Скоромную пищу он по ночам выносит за хижину, протискиваясь в лаз. Каждый раз она исчезает, а однажды он видит за хижиной камышового кота. Тот хром, припадает на заднюю лапу. Наверное, не может охотиться, поэтому поднялся от Евфрата к деревенским дворам, ищет отбросы.
Теперь, покидая келью, Саламан невольно ищет взглядом зверька. Старец ощущает, что победил все тревоги. Но что не позволяет ему полностью раствориться в мёртвом бесстрастии? Мысль о коте. Поел ли он? Жив ли? Никто в деревне не обрадуется дикому зверю – у добрых людей много домашней птицы. Однажды слышит яростный собачий лай за хижиной. Саламан открывает лаз и туда ныряет камышовый кот. Собаки умолкают.
– Я не впустил по доброй воле даже епископа! Но открыл коту... – Вздыхает старец. – Божьей твари грозила смерть.
Кот забился в угол, следит за хозяином круглыми глазами.
– Ты теперь не хромаешь. Возвращайся к Евфрату. – Хочет сказать Саламан. – На берегу найдёшь убежище, а в воде рыбу.
Кот настороженно обходит комнату, успокоившись, садится и умывается. Он тоже предпочитает молчать.
Через месяц, ночью старца будят крики. За оконцем пляшет пламя.
– Началась война? Или пожар? Или мор? – Саламан поднимается с ложа, смиряя чувства. Его не должны страшить бедствия, ибо важна судьба души, а не бренного тела.
В стену начинают долбить кирками. На пол катятся камни. В хижину протискивается коренастый незнакомец.
– Почтенный Саламан! Мы, жители селения Кипос, решили, что нам тоже нужна толика святости. Живи у нас! Довольно мучиться в Каперсане, где разводят грязный скот.

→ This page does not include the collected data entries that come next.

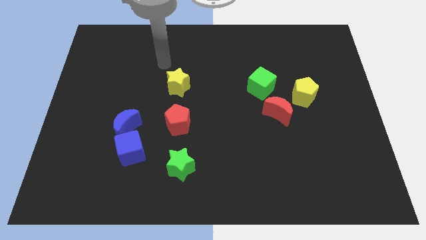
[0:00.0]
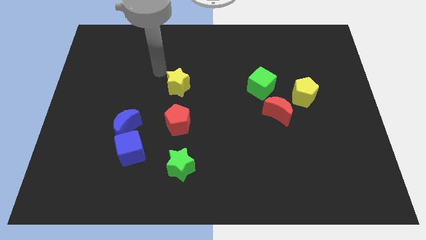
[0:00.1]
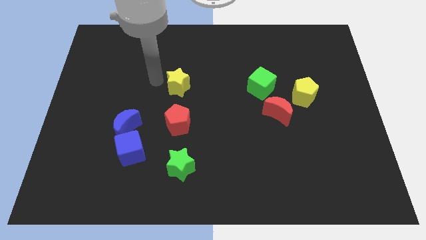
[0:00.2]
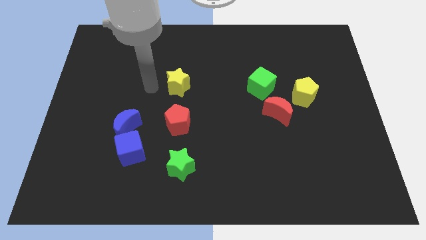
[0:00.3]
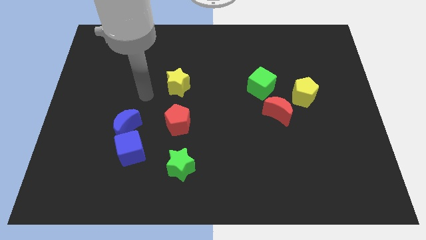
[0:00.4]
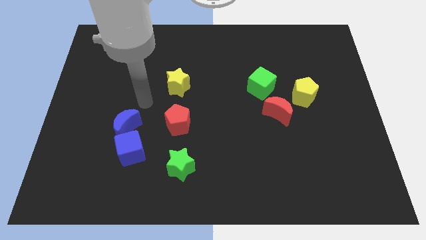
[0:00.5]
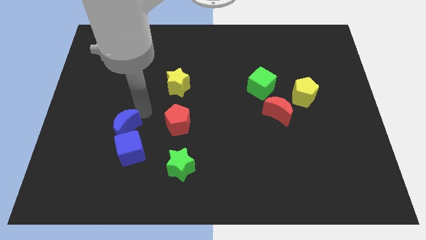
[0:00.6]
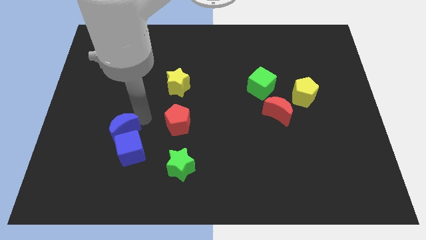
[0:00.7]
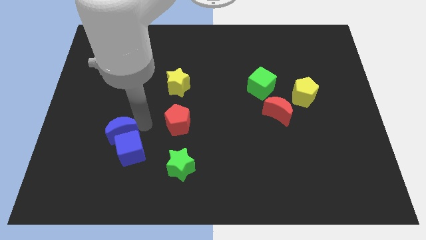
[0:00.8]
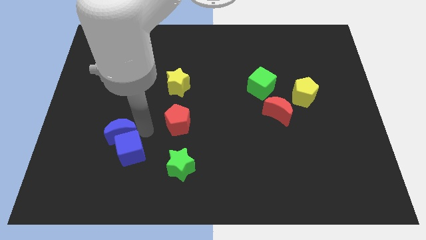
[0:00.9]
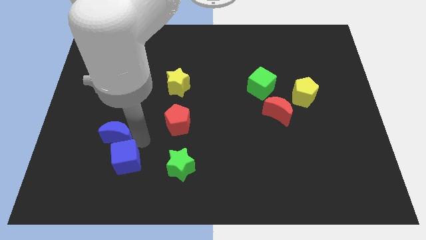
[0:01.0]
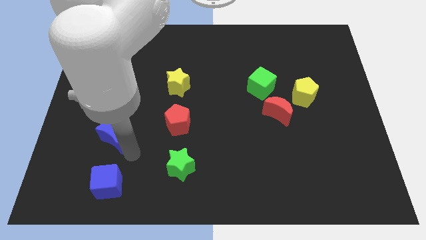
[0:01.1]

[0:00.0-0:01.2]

Ты постник, тебе нужна рыба, а мы рыбачим. – Заявляет незнакомец.
– Прочь, вор и негодяй! – Кричит на незнакомца староста Каперсаны. – Бог благословил нас этим старцем. Да, мы – скотоводы, народ трудолюбивый, а вы рыбаки – лентяи, привыкли дремать в лодках. Хотите, чтобы старец вымаливал вам улов? Сами стяжайте святость!
– Я староста Кипоса. Отчего ты решил, что Бог благословил именно вас? Вы насильно затащили беднягу к себе. Давайте послушаем Саламана, хочет ли он остаться?
– Ради тебя праведник и слова не вымолвит. – Бросает староста Каперсаны.
– А с тобой зазорно говорить даже грешнику. – Усмехается староста Кипоса.
Они хватают друг друга за одежды. А на улице уже идёт драка. Саламан падает на колени и начинает молиться – не таким видит он христианское рвение. Устыдившись, старосты смолкают, выходят из хижины урезонить добрых людей. Шум стихает.
– Пусть старец немного поживёт у вас. – Смиряется староста Каперсаны.
– Увидите, у нас ему будет хорошо. – Обещает староста Кипоса.
Саламана берут под руки и влекут к носилкам с резной спинкой. В таких рабы переносят вельмож. Он покорно садится в носилки. Видит сверху толпу и факелы. На плоских крышах стоят сонные дети, Саламан осеняет их крестным знамением.
Дорога вьётся среди оливковых рощ. Под луной серебрится листва и склоны холмов.
Старец оглядывается. Следом крадётся кот.
– Вера без дел мертва. Людям, чтобы оживить добродетель, Бог послал меня, угрюмого отшельника. А отшельнику, чтобы не очерствел душой, простого кота. О каждом творении – особый промысел. Сразу не разгадать.
Старец улыбается. Река отражает ангела.